### What this task involves
Restate the listing below word for word. No picture belongs in the result.
^^^^^^^^^^^^^^^^
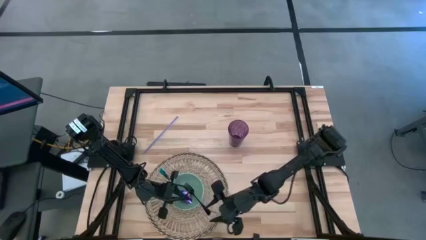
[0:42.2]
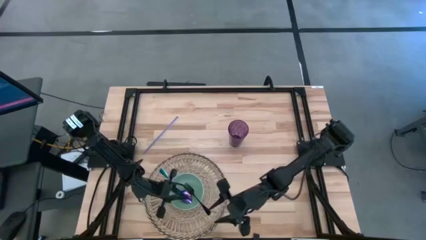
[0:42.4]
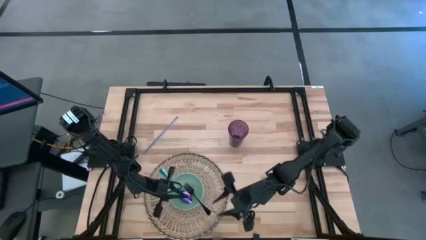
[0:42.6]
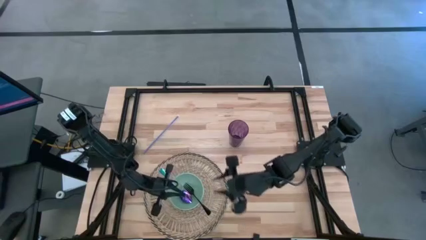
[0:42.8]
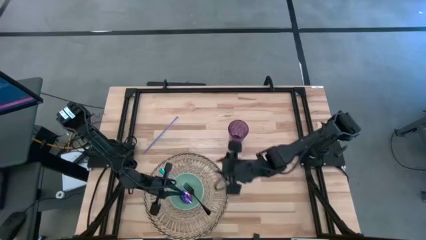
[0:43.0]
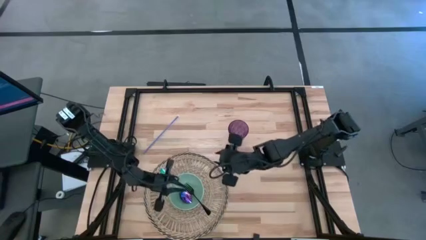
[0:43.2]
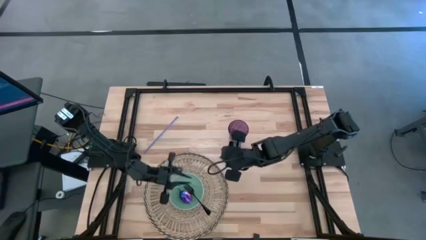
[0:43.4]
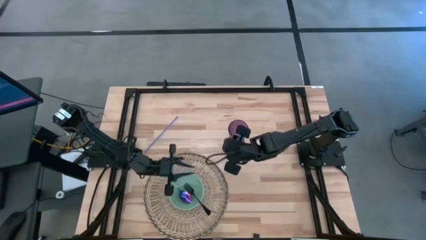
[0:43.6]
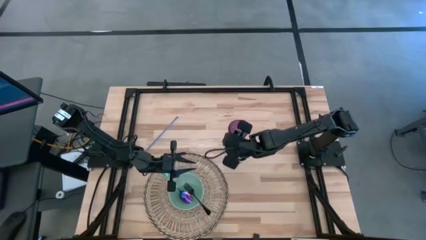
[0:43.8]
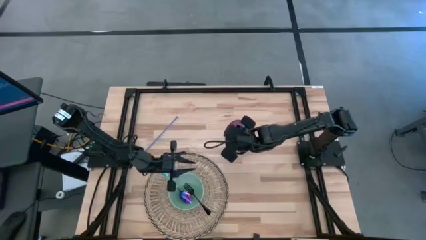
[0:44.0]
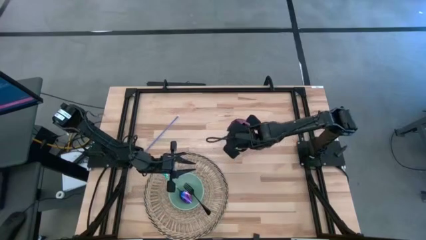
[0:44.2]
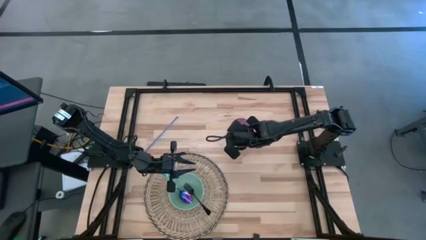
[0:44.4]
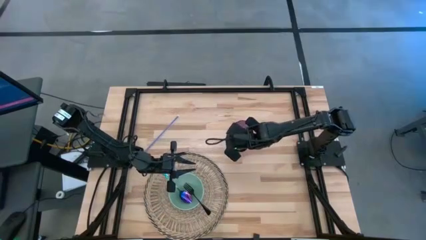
^^^^^^^^^^^^^^^^
### Written solution
[0:42.2]
[0:42.4]
[0:42.6]
[0:42.8]
[0:43.0]
[0:43.2]
[0:43.4]
[0:43.6]
[0:43.8]
[0:44.0]
[0:44.2]
[0:44.4]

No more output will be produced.